Hello everyone! I’m new to the forum. I plan to move to Taiwan in Feburary or March of 2016. Although that’s still months away, I want to start preparing for my life there.
One of the biggest reasons I’m moving to Taiwan is to study Chinese.
A bit about my Chinese:
1 - I lived in Chongqing, China for 1 year, and independently studied Chinese there the whole time
2 - I’ve been living in Shenzhen, China for the last 3 months (and will continue to do so until I move to Taiwan); I’m still studying independently
How I learn Chinese:
1 - I chat with friends
2 - I pick up new words everywhere I go (especially from chatting with friends), add them to my dictionary app, and then study them formally later
3 - I review vocabulary for upwards of an hour every day…although that might seem like a lot, I’ve found it to be the most helpful thing for me thus far
4 - I listen to audio lessons (like 慢速中文 podcast)
5 - I TRY to watch tv shows (like 家有儿女) but I find this tedious (because of the huge number of words I can’t understand) and boring (because of said inability to understand)
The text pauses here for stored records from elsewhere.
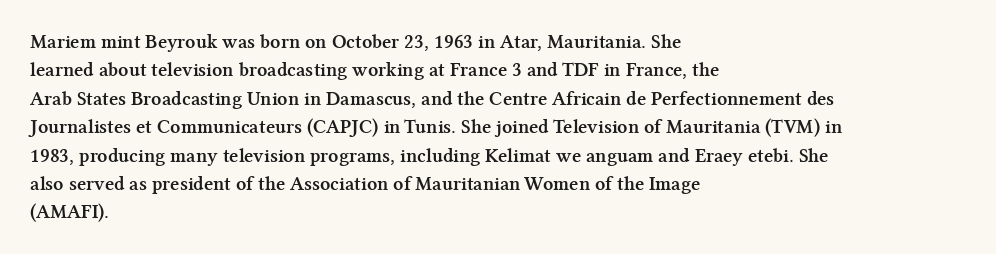
Has an underline been added? It has not. Here the glyphs are tracked normally, forming tight word shapes. Compared with typical paragraphs, the rows here are spaced about the same. The characters look thick and weighty, a clear bold.
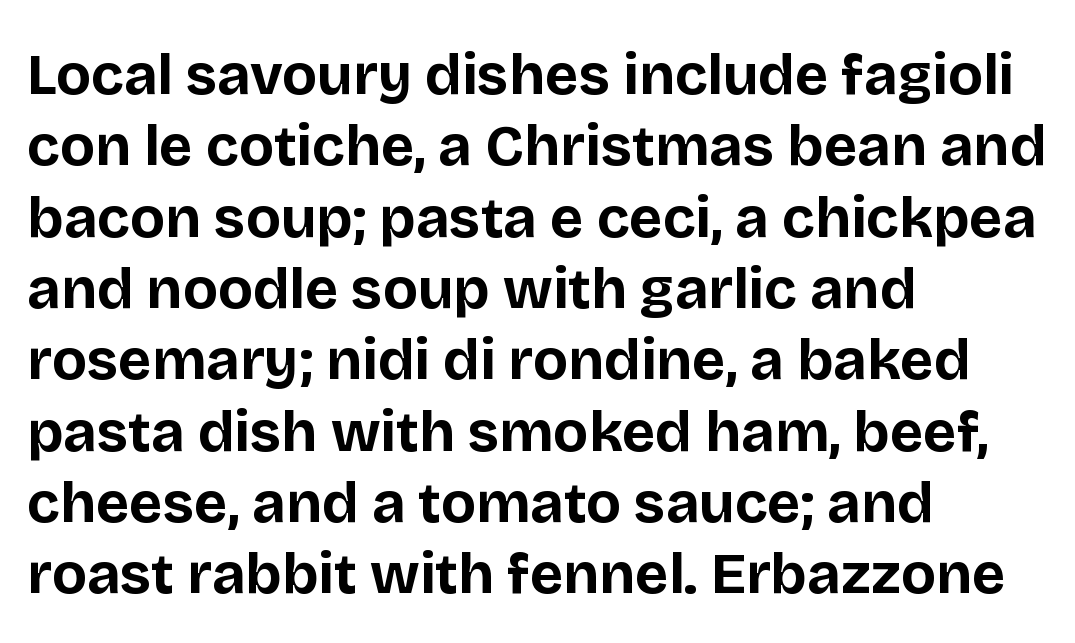
{"serif": "no", "italic": "no", "bold": "yes", "weight": "bold", "width": "normal", "stroke_contrast": "low", "x_height": "large", "monospaced": "no", "underline": "no", "align": "left", "line_spacing_ratio": 1.23, "letter_spacing": "normal", "letter_spacing_em": 0.0, "glyph_px": 58}
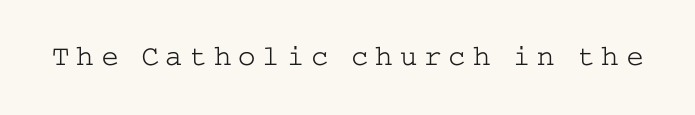
The space beneath each line is pristine and unruled. Is this a heavy cut? Hardly; it is regular or lighter. Type style note: has serifs. Italic? Not at all — the glyphs are vertical. Here the glyphs are tracked loosely, breaking word shapes into spaced letters.
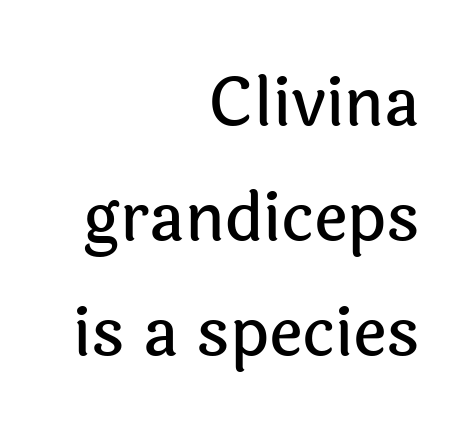
Q: Is the text italic (slanted)? A: No, it is upright.
Q: Is the typeface a serif or a sans-serif typeface? A: Sans-serif.
Q: Is the text underlined? A: No.
Q: How is the paragraph aligned? A: Right-aligned.
Q: Is the spacing between letters normal or unusually wide? A: Normal.
Q: Width (condensed, normal, or wide)? A: Normal.
Q: x-height? A: Medium.
Q: Monospaced? A: No.
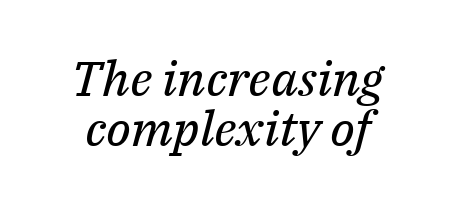
Q: Is the text bold? A: No.
Q: Is the text italic (slanted)? A: Yes, it leans right by about 14 degrees.
Q: Is the typeface a serif or a sans-serif typeface? A: Serif.
Q: Is the text underlined? A: No.
Q: Is the spacing between letters normal or unusually wide? A: Normal.
Q: Is the spacing between lines tight, normal or loose? A: Tight.
Q: Width (condensed, normal, or wide)? A: Normal.
Q: Stroke contrast? A: Medium.
Q: x-height? A: Medium.
Q: Monospaced? A: No.
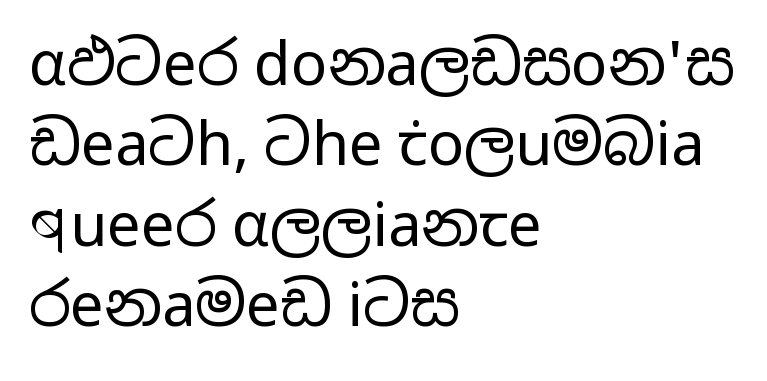
Q: Is the text bold? A: No.
Q: Is the text italic (slanted)? A: No, it is upright.
Q: Is the typeface a serif or a sans-serif typeface? A: Sans-serif.
Q: Is the text underlined? A: No.
Q: How is the paragraph aligned? A: Left-aligned.
Q: Is the spacing between letters normal or unusually wide? A: Normal.
Q: Is the spacing between lines tight, normal or loose? A: Normal.
Q: Width (condensed, normal, or wide)? A: Wide.
Q: Stroke contrast? A: Low.
Q: x-height? A: Medium.
Q: Monospaced? A: No.
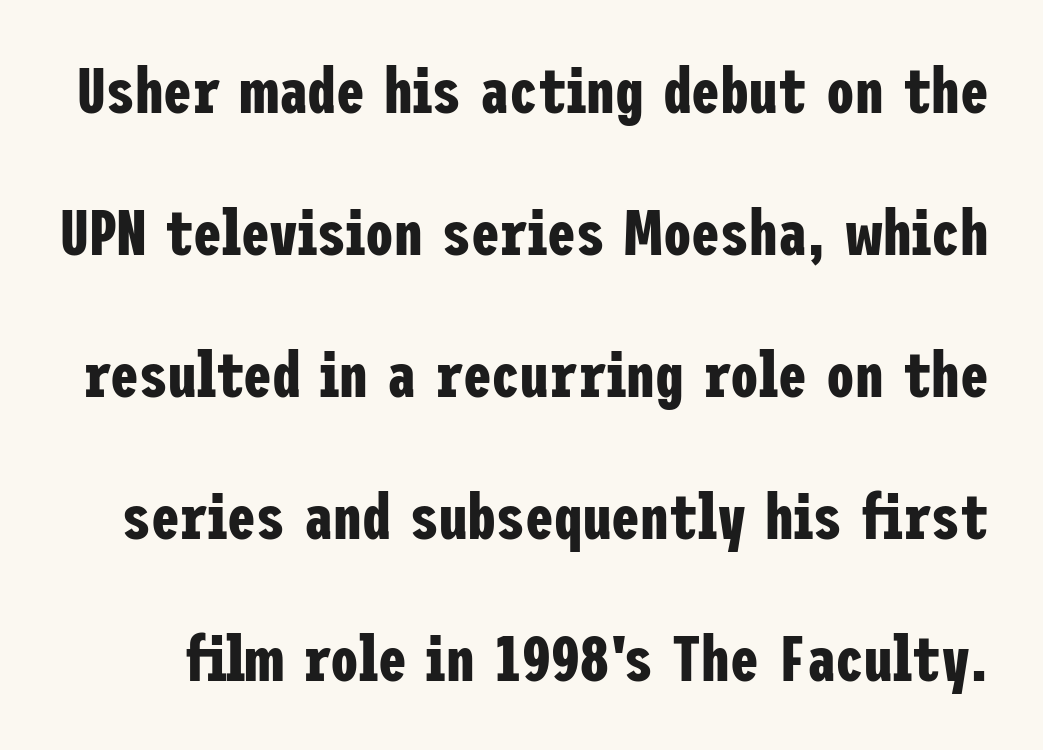
The image shows 64 px bold, condensed sans-serif type, upright; set loose line spacing (2.22x), normal letter spacing, not underlined; low stroke contrast and a medium x-height.
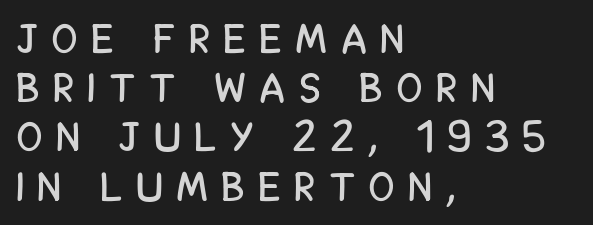
The specimen omits any rule beneath the text block's lines. This sample has the flowing, uneven cadence of proportional lettering. Is the block centered? No — it sits flush against the left margin. These lines have a slow, spaced-out rhythm from letter to letter. This rendering employs a face without finishing strokes, i.e., a sans-serif.
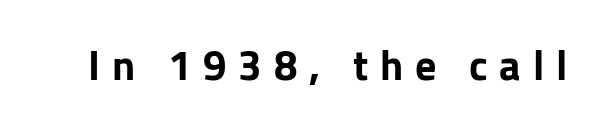
Letter spacing: wide. A typesetter would call this proportional, since set widths differ per character. Letterform terminals end flat and unadorned throughout the passage. Designer's note — italics off, roman on. Typesetter's note: full bold, strokes at maximum text heaviness.
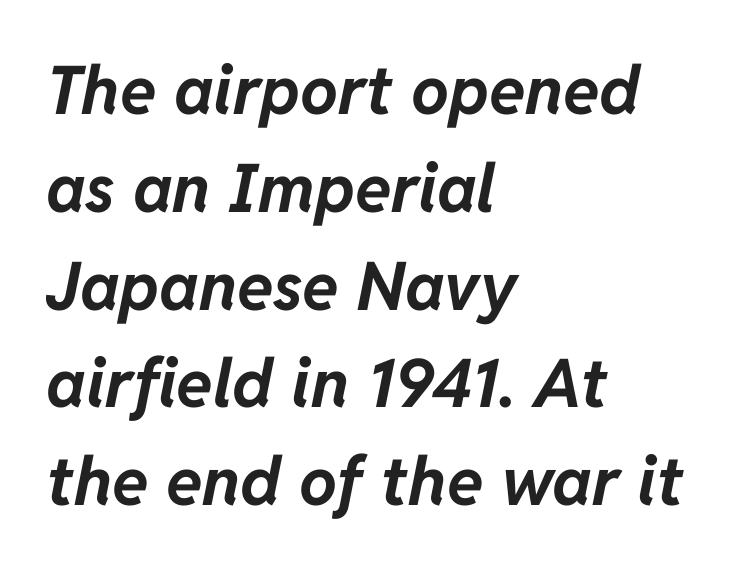
Would a proofreader flag this as italicized? Yes. A typesetter would call this proportional, since set widths differ per character. The face used here is rendered with its standard letterfit. Letters rest on an invisible, unmarked baseline. If you drew a ruler down the left edge, every line would touch it.
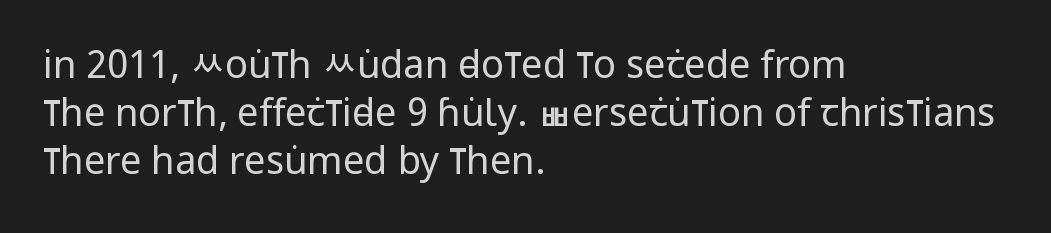
Q: Is the text bold? A: No.
Q: Is the text italic (slanted)? A: No, it is upright.
Q: Is the typeface a serif or a sans-serif typeface? A: Sans-serif.
Q: Is the text underlined? A: No.
Q: How is the paragraph aligned? A: Left-aligned.
Q: Is the spacing between letters normal or unusually wide? A: Normal.
Q: Is the spacing between lines tight, normal or loose? A: Normal.
Q: Width (condensed, normal, or wide)? A: Condensed.
Q: Stroke contrast? A: Low.
Q: x-height? A: Large.
Q: Monospaced? A: No.
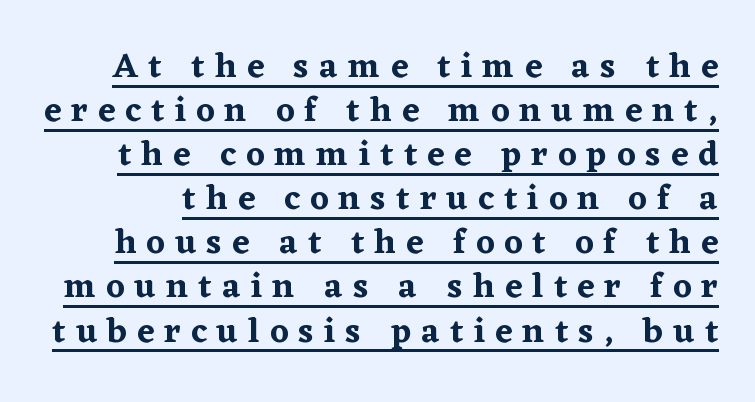
Vertically, the passage feels balanced, rows spaced as you'd expect. The type is letterspaced generously, with wide tracking. You can see a thin bar hugging the bottom of the glyphs. This sample has the flowing, uneven cadence of proportional lettering.

6 - Use grammar books and online resources to fill in the gaps
7 - If I can read a character, it’s by accident; I don’t formally study them, but I’ve managed to pick up a lot just because I message friends in Chinese every day on WeChat (CANNOT write by hand)
8 - Last but absolutely not least, I do a language exchange regularly
It’s worth noting that I’m pretty dedicated to my studies. On work days I study for 2-3 hours before work, and on the weekend I push this up to around 5-6 hours (including breaks).
All of these things have helped me to improve my Mandarin by leaps and bounds over the last year and a half. But I’m noticing some gaps:
1 - my listening is starting to far outpace my speaking…I want to stop this before it gets worse
2 - I’m finding it difficult to improve…I’m finding less chances to speak and also finding myself using the same patterns over and over (never the new ones)
3 - my freestyle learning has served me well up to this point, but I think throwing in some structure could really help me push forward
At the moment, even though I know the arguments against doing so (memory etc), I’m not willing to learn to write Chinese by hand. I spent many years studying Japanese (including living in Japan), devoting hours upon hours upon hours to learning how to write the Chinese characters in the Japanese language. After 2 years of not studying I had completely and utterly forgotten how to write all Japanese characters, but I didn’t forget how to speak or listen. I don’t want to do this again with Chinese. I missed so many opportunities to do things with local people because I was tucked away in some corner of the library or shut in my apartment studying characters…and it’s all gone now anyhow.
So, in Taiwan…I kind of planned to take a Chinese class at a university there, but I’m probably not going to be able to for the same reason that I have yet to take a Chinese class anywhere: writing. I’m not sure how I can get around it. It’s a shame that they don’t offer different sorts of classes. In Shenzhen they offer each class separately (reading, writing, speaking and listening), and you can get a discount by taking all of them, but you don’t have to. For reasons unmentioned, I’m not able to enroll at the moment.
Does anyone know of any schools in Taiwan that offer classes like this? Or does anyone have any general recommendations on how I can study Mandarin in Taiwan given my current goals?
Thanks in advance for all of your help!